PROCESSED_DIR = Path("../data/processed")
RECONSTRUCTED_DIR = Path("../data/reconstructed")
REPORTS_PLOTS_DIR = Path("../reports/plots")
REPORTS_PLOTS_DIR.mkdir(parents=True, exist_ok=True)

SR = 16000 # Assuming 16kHz from your preprocessing
HOP_LENGTH = 256 # Assuming standard hop length

## 1. Load Original and Reconstructed Audio

We need to find a matching pair of audio files: one from `data/processed/` and its corresponding output from `data/reconstructed/`.

In [None]:
def find_matching_pair(processed_dir, reconstructed_dir):
    """Finds the first available matching audio pair."""
    # Find a reconstructed file first
    recon_file = next(reconstructed_dir.rglob("*.wav"), None)
    if not recon_file:
        print(f"Error: No reconstructed files found in {reconstructed_dir}.")
        print("Please run src/reconstruct_audio.py first.")
        return None, None
    
    # Find its corresponding processed file
    relative_path = recon_file.relative_to(reconstructed_dir)
    processed_file = processed_dir / relative_path
    
    if not processed_file.exists():
        print(f"Error: Found reconstructed file {recon_file.name} but missing original in {processed_file}")
        return None, None
    
    return processed_file, recon_file

# Load the audio files
y_orig, y_recon = None, None
orig_path, recon_path = find_matching_pair(PROCESSED_DIR, RECONSTRUCTED_DIR)
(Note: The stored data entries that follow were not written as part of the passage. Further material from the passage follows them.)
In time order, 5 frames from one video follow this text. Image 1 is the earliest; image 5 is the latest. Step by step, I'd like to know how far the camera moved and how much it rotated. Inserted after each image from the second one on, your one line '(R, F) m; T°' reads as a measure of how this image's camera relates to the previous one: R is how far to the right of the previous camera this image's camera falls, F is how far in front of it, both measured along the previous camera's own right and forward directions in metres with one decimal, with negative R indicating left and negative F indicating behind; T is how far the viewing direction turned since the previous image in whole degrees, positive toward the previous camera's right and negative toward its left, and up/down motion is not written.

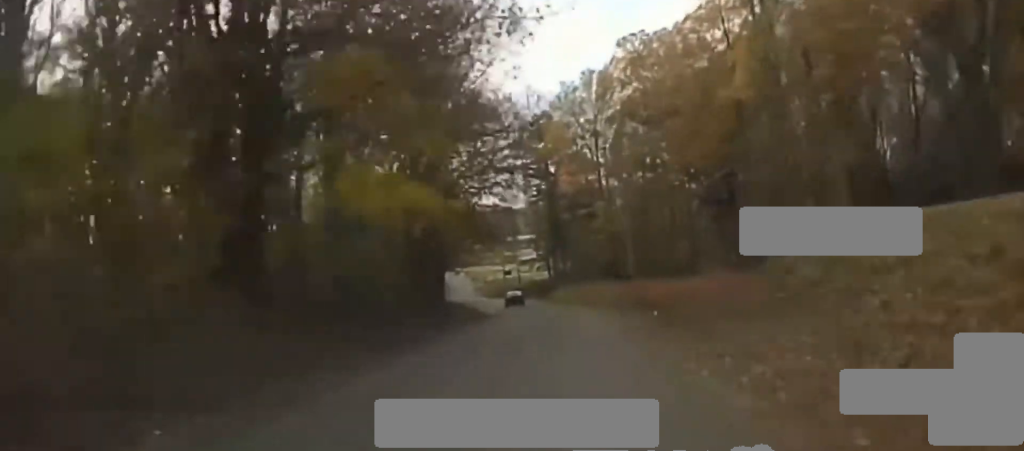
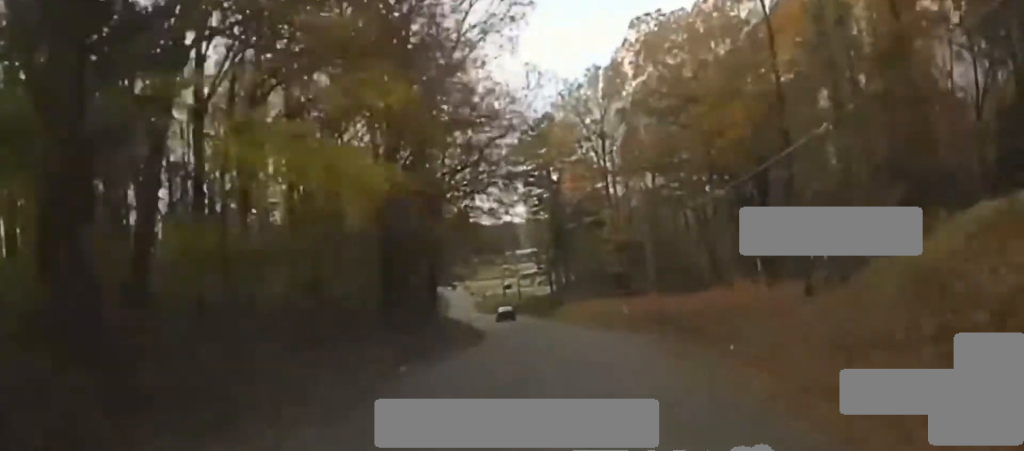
(0.0, +9.1) m; 0°
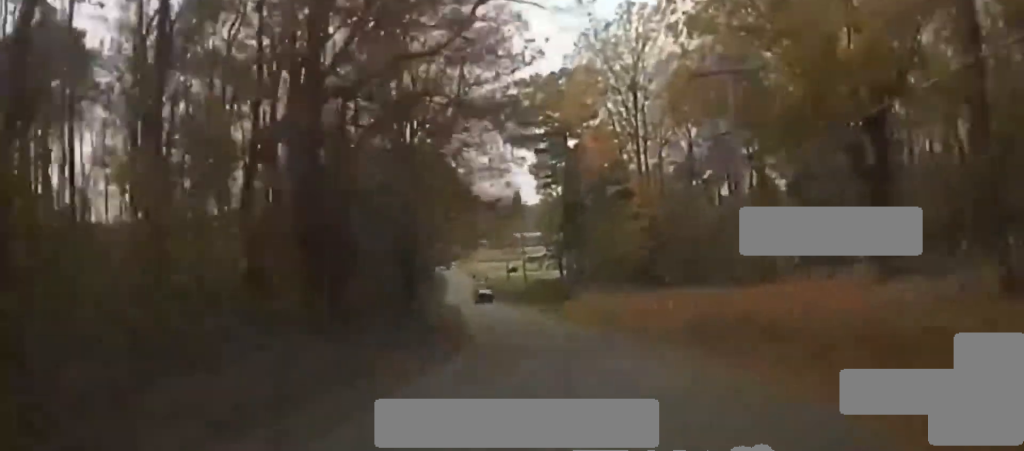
(0.0, +18.3) m; 0°
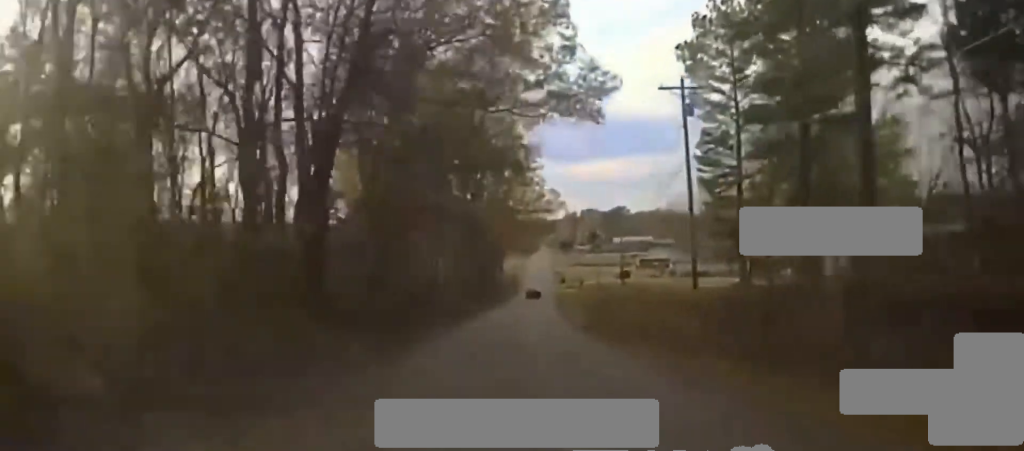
(+0.1, +79.7) m; 0°
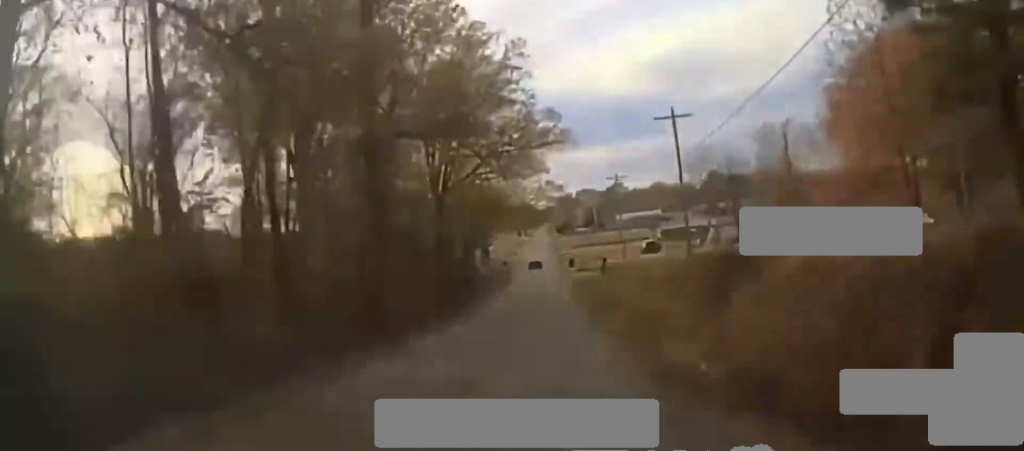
(0.0, +41.2) m; 0°
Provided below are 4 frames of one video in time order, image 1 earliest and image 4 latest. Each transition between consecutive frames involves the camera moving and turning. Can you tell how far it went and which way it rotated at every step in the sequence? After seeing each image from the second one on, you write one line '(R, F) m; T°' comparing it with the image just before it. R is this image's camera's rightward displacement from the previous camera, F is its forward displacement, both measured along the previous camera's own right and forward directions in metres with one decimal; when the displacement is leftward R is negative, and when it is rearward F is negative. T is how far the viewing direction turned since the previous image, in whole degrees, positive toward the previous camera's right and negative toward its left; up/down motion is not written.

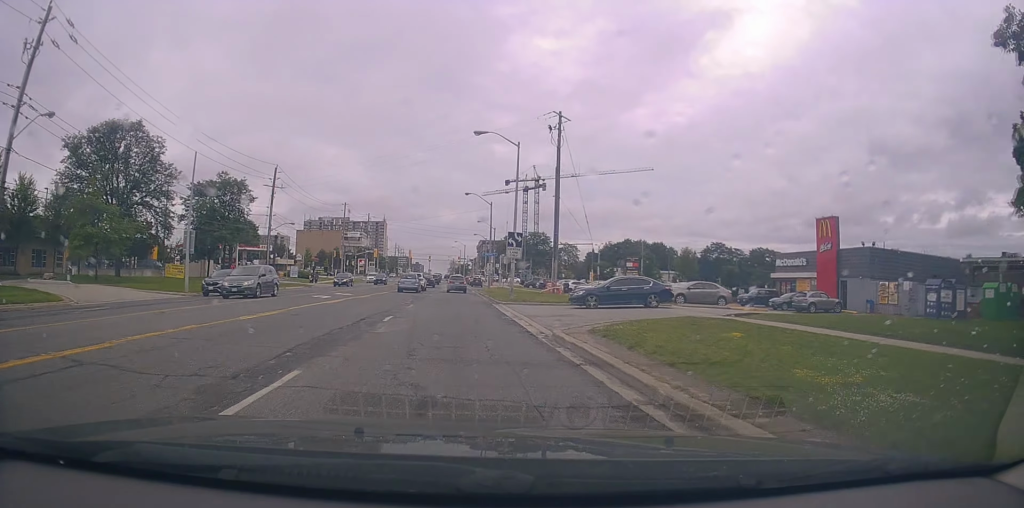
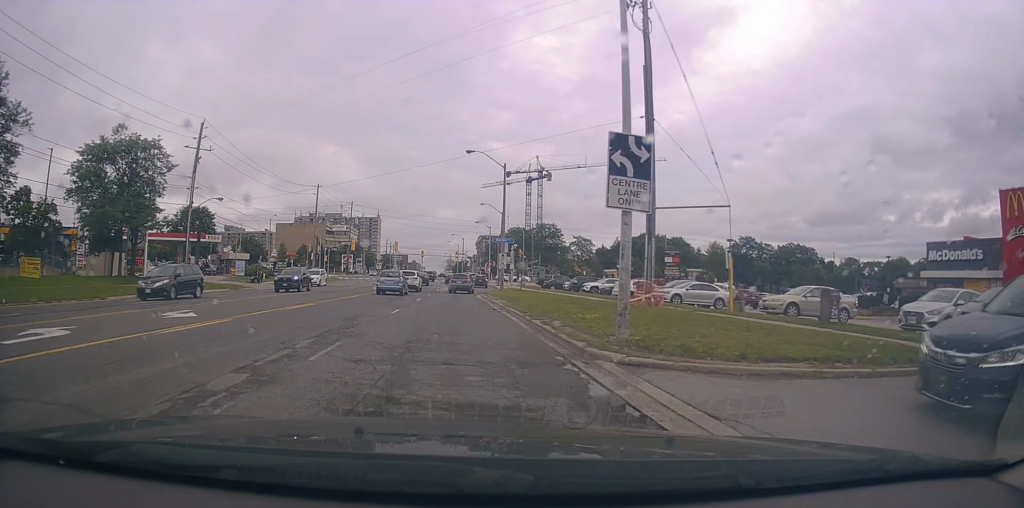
(-0.4, +21.7) m; -2°
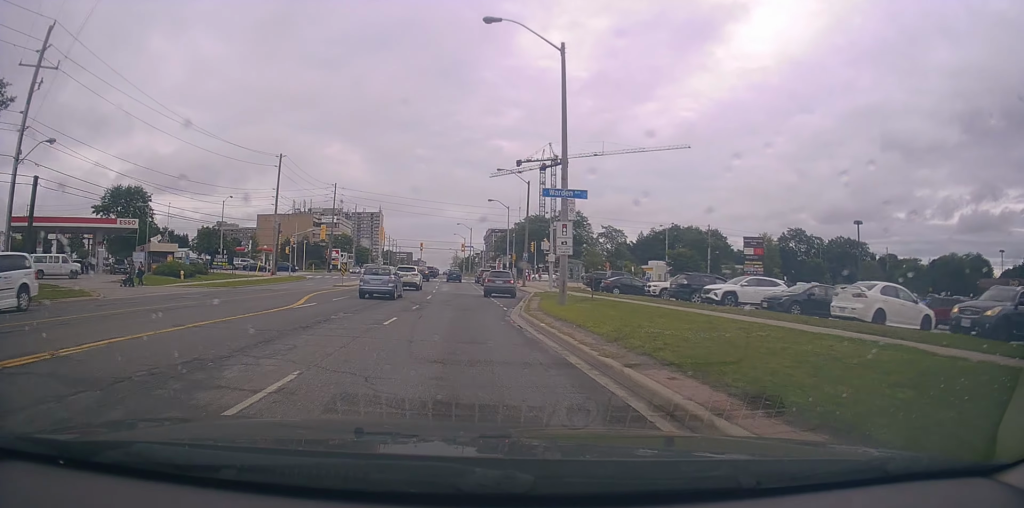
(+0.2, +24.2) m; -1°
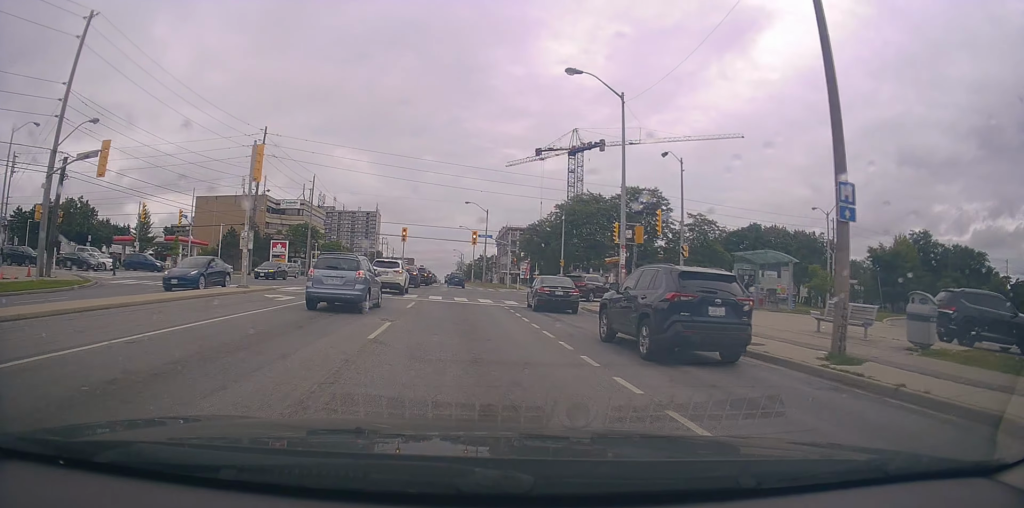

if orig_path and recon_path:
    print(f"Loading Original: {orig_path}")
    y_orig, sr_orig = librosa.load(orig_path, sr=SR)
    
    print(f"Loading Reconstructed: {recon_path}")
    y_recon, sr_recon = librosa.load(recon_path, sr=SR)
    
    # Trim to same length just in case
    min_len = min(len(y_orig), len(y_recon))
    y_orig, y_recon = y_orig[:min_len], y_recon[:min_len]

## 2. Pitch (F0) Consistency Analysis

We will now extract the pitch contour from both the original and reconstructed audio and plot them on the same graph. This is the most direct way to visualize pitch preservation.

In [None]:
if y_orig is not None and y_recon is not None:
    print("Extracting pitch contours...")
    # Extract F0 using the function from src/feature_extraction.py (or placeholder)
    f0_orig = extract_pitch(y_orig, SR)
    f0_recon = extract_pitch(y_recon, SR)
    
    # Get time axis
    times = librosa.times_like(f0_orig, sr=SR, hop_length=HOP_LENGTH)
    
    print("Plotting pitch comparison...")
    # Use the plotting function from src/accent_pitch_analysis.py
    plot_pitch_comparison(f0_orig, f0_recon, times)
    plt.savefig(REPORTS_PLOTS_DIR / "04_pitch_comparison.png")
    plt.show()
else:
    print("Audio files not loaded. Skipping pitch analysis.")

## 3. Accent (Spectral) Consistency Analysis

Accent is primarily defined by spectral and temporal (prosodic) features. We can approximate 'accent similarity' by comparing the Mel Spectrograms. A common method is to create an 'embedding' (an average over time) of the Mel Spectrogram or MFCCs and check the cosine similarity.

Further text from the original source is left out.